How to complete this task: Copy all lines of the listing that include the string "rect".

[Listed records — start]

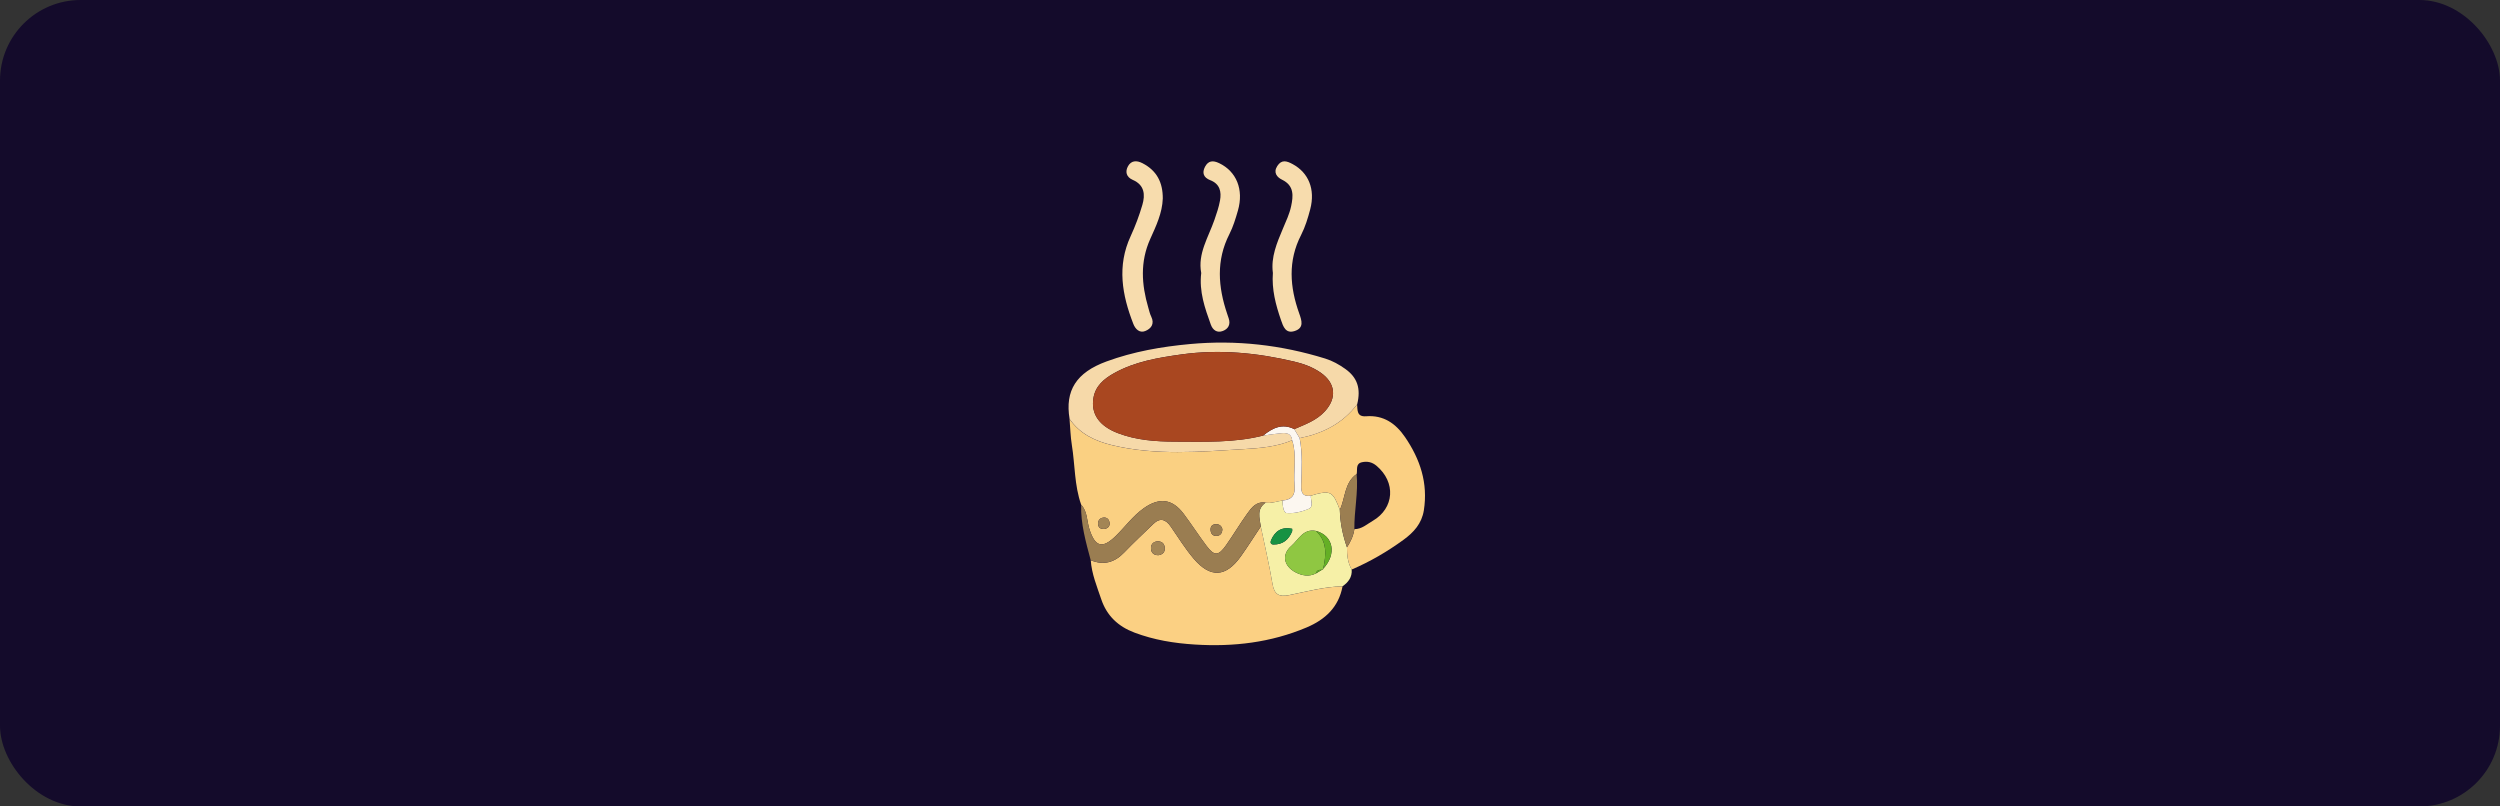 <svg width="248" height="80" viewBox="0 0 248 80" fill="none" xmlns="http://www.w3.org/2000/svg">
<rect x="0" y="0" width="248" height="80" fill="#333333" stroke="none"/>
<rect width="248" height="80" rx="8" fill="#140B2B"/>
<g clip-path="url(#clip0_3992_2625)">
<path d="M133.181 58.162C132.799 60.225 131.465 61.461 129.616 62.243C126.062 63.743 122.358 64.178 118.529 63.938C116.466 63.81 114.478 63.484 112.539 62.754C110.913 62.143 109.791 61.076 109.242 59.441C108.816 58.176 108.296 56.933 108.201 55.575C109.491 56.105 110.566 55.801 111.521 54.805C112.448 53.838 113.433 52.923 114.395 51.988C115.077 51.325 115.634 51.508 116.138 52.233C116.877 53.303 117.566 54.42 118.405 55.409C120.072 57.37 121.612 57.27 123.103 55.174C123.787 54.211 124.417 53.213 125.071 52.228C125.468 54.137 125.915 56.037 126.238 57.955C126.416 59.006 126.922 59.234 127.876 59.041C129.632 58.685 131.372 58.205 133.184 58.162H133.181ZM114.911 55.076C115.303 55.019 115.565 54.8 115.548 54.382C115.529 53.907 115.225 53.66 114.766 53.709C114.36 53.755 114.141 54.054 114.179 54.458C114.217 54.865 114.478 55.081 114.911 55.076Z" fill="#FBD083"/>
<path d="M107.252 50.063C106.575 48.149 106.646 46.117 106.327 44.146C106.19 43.295 106.171 42.428 106.097 41.565C107.124 43.044 108.619 43.752 110.311 44.161C114.628 45.207 118.995 44.819 123.34 44.558C124.957 44.46 126.635 44.33 128.18 43.673C128.667 45.157 128.285 46.685 128.42 48.185C128.506 49.119 128.137 49.569 127.239 49.649C126.675 49.735 126.131 49.954 125.546 49.866C124.638 49.714 124.163 50.341 123.732 50.945C123 51.969 122.351 53.053 121.629 54.085C120.87 55.167 120.457 55.181 119.682 54.147C118.902 53.108 118.199 52.015 117.421 50.976C116.29 49.466 114.985 49.328 113.44 50.434C112.365 51.202 111.605 52.269 110.678 53.175C109.356 54.468 108.628 54.263 108.065 52.478C107.808 51.667 107.882 50.745 107.247 50.063H107.252ZM109.544 52.476C109.876 52.423 110.114 52.231 110.067 51.858C110.021 51.508 109.786 51.285 109.413 51.351C109.052 51.416 108.897 51.682 108.937 52.041C108.976 52.378 109.211 52.485 109.544 52.478V52.476ZM121.26 52.478C121.175 52.191 120.975 51.986 120.609 52C120.219 52.015 120.055 52.248 120.091 52.616C120.126 52.977 120.345 53.191 120.709 53.16C121.065 53.129 121.251 52.897 121.258 52.478H121.26Z" fill="#FAD082"/>
<path d="M134.624 40.115C134.672 40.697 134.584 41.365 135.52 41.294C137.246 41.161 138.456 42.007 139.386 43.369C140.883 45.561 141.67 47.924 141.247 50.619C141.038 51.948 140.229 52.82 139.219 53.555C137.617 54.722 135.91 55.716 134.087 56.498C133.692 55.813 133.614 55.062 133.619 54.292C133.98 53.738 134.261 53.153 134.353 52.49C135.081 52.497 135.589 52.007 136.162 51.677C138.33 50.422 138.492 47.831 136.543 46.2C136.103 45.832 135.627 45.739 135.109 45.853C134.446 45.998 134.679 46.597 134.581 47.023C133.352 47.893 133.471 49.395 132.913 50.579C132.271 48.843 132.007 48.663 130.602 49.008C130.412 49.055 130.229 49.117 130.041 49.172C129.235 49.286 129.059 48.889 129.081 48.149C129.126 46.585 129.235 45.016 128.929 43.462C131.215 43.003 133.191 42.014 134.629 40.112L134.624 40.115Z" fill="#FBD083"/>
<path d="M134.624 40.115C133.186 42.017 131.211 43.008 128.924 43.464C128.746 43.167 128.567 42.868 128.389 42.57C129.475 42.1 130.607 41.705 131.437 40.792C132.649 39.454 132.48 37.983 130.997 36.956C130.205 36.409 129.307 36.086 128.384 35.867C124.702 34.995 120.977 34.631 117.207 35.156C114.894 35.48 112.591 35.86 110.513 37.02C109.525 37.574 108.669 38.27 108.469 39.483C108.21 41.056 109.033 42.245 110.865 42.956C112.705 43.669 114.65 43.804 116.582 43.809C119.499 43.816 122.435 43.935 125.304 43.208C125.884 43.129 126.464 43.032 127.046 42.977C127.581 42.927 128.104 42.953 128.187 43.671C126.642 44.327 124.964 44.458 123.347 44.555C119.002 44.817 114.633 45.204 110.319 44.158C108.626 43.747 107.131 43.041 106.104 41.562C105.629 38.743 106.772 36.953 109.76 35.858C112.439 34.876 115.208 34.391 118.054 34.129C122.637 33.706 127.082 34.215 131.458 35.568C132.185 35.793 132.837 36.159 133.448 36.594C134.655 37.45 135.016 38.546 134.631 40.11L134.624 40.115Z" fill="#F6D9A9"/>
<path d="M130.039 49.174C130.227 49.119 130.412 49.057 130.6 49.01C132.005 48.665 132.269 48.846 132.91 50.581C132.944 51.858 133.198 53.091 133.619 54.292C133.614 55.062 133.692 55.813 134.087 56.498C134.146 57.249 133.759 57.758 133.181 58.159C131.37 58.2 129.632 58.68 127.873 59.036C126.92 59.229 126.414 59.001 126.236 57.95C125.912 56.029 125.463 54.13 125.068 52.224C124.952 51.38 124.626 50.496 125.549 49.863C126.133 49.951 126.678 49.733 127.241 49.647C127.222 50.132 127.305 50.869 127.657 50.895C128.373 50.95 129.159 50.762 129.83 50.472C130.338 50.253 130.003 49.618 130.039 49.169V49.174ZM130.545 52.668C129.276 52.414 128.808 53.548 128.092 54.166C127.115 55.012 127.341 56.153 128.51 56.769C129.157 57.109 129.846 57.235 130.545 56.883C130.742 56.764 130.94 56.645 131.137 56.524C131.22 56.531 131.263 56.493 131.265 56.412C132.625 54.965 132.276 53.137 130.545 52.668ZM128.182 52.454C127.144 52.236 126.476 52.675 126.081 53.607C125.995 53.812 126.057 54.011 126.319 54.016C127.248 54.033 127.838 53.543 128.18 52.713C128.206 52.649 128.182 52.566 128.182 52.457V52.454Z" fill="#F6F0A7"/>
<path d="M125.549 49.866C124.626 50.498 124.954 51.382 125.068 52.226C124.415 53.208 123.782 54.209 123.1 55.171C121.61 57.268 120.072 57.37 118.403 55.407C117.564 54.42 116.877 53.301 116.135 52.231C115.634 51.506 115.077 51.323 114.393 51.986C113.43 52.92 112.448 53.835 111.519 54.803C110.563 55.799 109.487 56.103 108.198 55.573C107.716 53.764 107.197 51.962 107.25 50.061C107.884 50.743 107.811 51.665 108.067 52.476C108.631 54.258 109.358 54.465 110.68 53.172C111.607 52.267 112.365 51.202 113.442 50.431C114.987 49.326 116.292 49.464 117.424 50.973C118.201 52.012 118.907 53.106 119.684 54.144C120.459 55.178 120.873 55.164 121.631 54.083C122.354 53.051 123.003 51.967 123.735 50.943C124.167 50.339 124.64 49.709 125.549 49.863L125.549 49.866Z" fill="#9A7D51"/>
<path d="M115.348 19.693C115.301 21.127 114.681 22.425 114.103 23.708C113.085 25.974 113.24 28.227 113.91 30.516C113.998 30.818 114.067 31.134 114.205 31.415C114.557 32.137 114.179 32.613 113.601 32.841C113.047 33.057 112.631 32.658 112.427 32.133C111.307 29.264 110.792 26.383 112.163 23.421C112.624 22.422 113.014 21.379 113.323 20.323C113.62 19.308 113.535 18.348 112.368 17.844C111.719 17.564 111.597 17.017 111.904 16.477C112.223 15.919 112.748 15.888 113.337 16.192C114.764 16.927 115.358 18.113 115.348 19.696V19.693Z" fill="#F7DCAD"/>
<path d="M119.159 27.07C118.8 25.165 119.867 23.549 120.471 21.814C120.69 21.184 120.908 20.544 121.025 19.893C121.182 19.016 121.018 18.241 120.043 17.868C119.406 17.623 119.214 17.157 119.539 16.541C119.863 15.933 120.324 15.893 120.93 16.18C122.653 16.998 123.402 18.795 122.801 20.892C122.572 21.685 122.33 22.491 121.957 23.223C120.623 25.84 120.835 28.474 121.738 31.139C121.788 31.289 121.838 31.439 121.888 31.588C122.09 32.187 121.845 32.625 121.31 32.831C120.73 33.057 120.307 32.741 120.112 32.199C119.525 30.564 118.938 28.924 119.164 27.07H119.159Z" fill="#F7DCAD"/>
<path d="M126.266 27.048C126.069 25.52 126.663 24.101 127.265 22.679C127.571 21.954 127.916 21.227 128.078 20.466C128.292 19.458 128.411 18.424 127.179 17.827C126.68 17.585 126.285 17.126 126.706 16.47C127.144 15.788 127.662 15.973 128.235 16.282C129.813 17.136 130.49 18.776 129.977 20.749C129.749 21.621 129.48 22.508 129.071 23.307C127.745 25.886 127.949 28.479 128.881 31.091C129.14 31.819 129.38 32.537 128.42 32.841C127.536 33.119 127.296 32.401 127.07 31.74C126.556 30.243 126.145 28.726 126.271 27.05L126.266 27.048Z" fill="#F7DCAD"/>
<path d="M114.911 55.076C114.478 55.079 114.219 54.862 114.179 54.458C114.141 54.052 114.36 53.752 114.766 53.709C115.225 53.66 115.529 53.909 115.548 54.382C115.565 54.8 115.303 55.019 114.911 55.076Z" fill="#A38555"/>
<path d="M130.039 49.174C130.001 49.623 130.338 50.258 129.83 50.477C129.159 50.764 128.372 50.952 127.657 50.9C127.305 50.874 127.222 50.137 127.241 49.652C128.14 49.571 128.508 49.124 128.422 48.188C128.287 46.688 128.67 45.159 128.182 43.676C128.099 42.958 127.579 42.932 127.044 42.982C126.461 43.036 125.881 43.134 125.301 43.212C126.221 42.466 127.191 41.964 128.389 42.57C128.567 42.868 128.746 43.167 128.924 43.464C129.231 45.019 129.121 46.59 129.078 48.152C129.057 48.891 129.233 49.288 130.039 49.174Z" fill="#FCF7F0"/>
<path d="M109.544 52.476C109.211 52.483 108.976 52.376 108.937 52.038C108.897 51.679 109.049 51.411 109.413 51.349C109.784 51.285 110.021 51.508 110.067 51.855C110.114 52.228 109.876 52.421 109.544 52.473L109.544 52.476Z" fill="#A38555"/>
<path d="M121.26 52.478C121.251 52.894 121.068 53.129 120.711 53.16C120.347 53.191 120.129 52.977 120.093 52.616C120.057 52.248 120.219 52.015 120.611 52C120.977 51.986 121.177 52.193 121.263 52.478L121.26 52.478Z" fill="#9A7D51"/>
<path d="M134.579 47.025C134.75 48.858 134.329 50.664 134.353 52.49C134.261 53.153 133.98 53.74 133.619 54.292C133.196 53.089 132.941 51.855 132.91 50.581C133.469 49.397 133.348 47.895 134.579 47.025Z" fill="#9B7E51"/>
<path d="M128.389 42.57C127.189 41.964 126.219 42.466 125.301 43.212C122.432 43.94 119.496 43.821 116.58 43.814C114.647 43.809 112.703 43.671 110.863 42.96C109.03 42.249 108.208 41.061 108.467 39.487C108.667 38.275 109.522 37.576 110.511 37.025C112.589 35.865 114.894 35.482 117.205 35.161C120.975 34.636 124.7 34.999 128.382 35.872C129.302 36.09 130.2 36.414 130.994 36.961C132.48 37.987 132.649 39.459 131.434 40.797C130.607 41.71 129.475 42.105 128.387 42.575L128.389 42.57Z" fill="#A94720"/>
<path d="M131.263 56.412C131.261 56.493 131.218 56.531 131.135 56.524C130.857 56.51 130.621 56.564 130.543 56.883C129.844 57.235 129.155 57.111 128.508 56.769C127.338 56.153 127.11 55.01 128.09 54.166C128.805 53.545 129.273 52.414 130.543 52.668C131.693 53.743 131.551 55.064 131.263 56.412Z" fill="#8FC742"/>
<path d="M128.182 52.454C128.182 52.564 128.206 52.647 128.18 52.711C127.838 53.541 127.248 54.03 126.319 54.014C126.057 54.009 125.995 53.812 126.081 53.605C126.476 52.673 127.144 52.233 128.182 52.452V52.454Z" fill="#179243"/>
<path d="M131.263 56.412C131.551 55.062 131.693 53.74 130.543 52.668C132.271 53.139 132.623 54.967 131.263 56.412Z" fill="#64AF25"/>
<path d="M130.545 56.883C130.621 56.567 130.857 56.51 131.137 56.524C130.94 56.643 130.742 56.762 130.545 56.883Z" fill="#64AF25"/>
</g>
<defs>
<clipPath id="clip0_3992_2625">
<rect width="36" height="48" fill="white" transform="translate(106 16)"/>
</clipPath>
</defs>
</svg>

[Listed records — finish]

Written reply:
<rect x="0" y="0" width="248" height="80" fill="#333333" stroke="none"/>
<rect width="248" height="80" rx="8" fill="#140B2B"/>
<rect width="36" height="48" fill="white" transform="translate(106 16)"/>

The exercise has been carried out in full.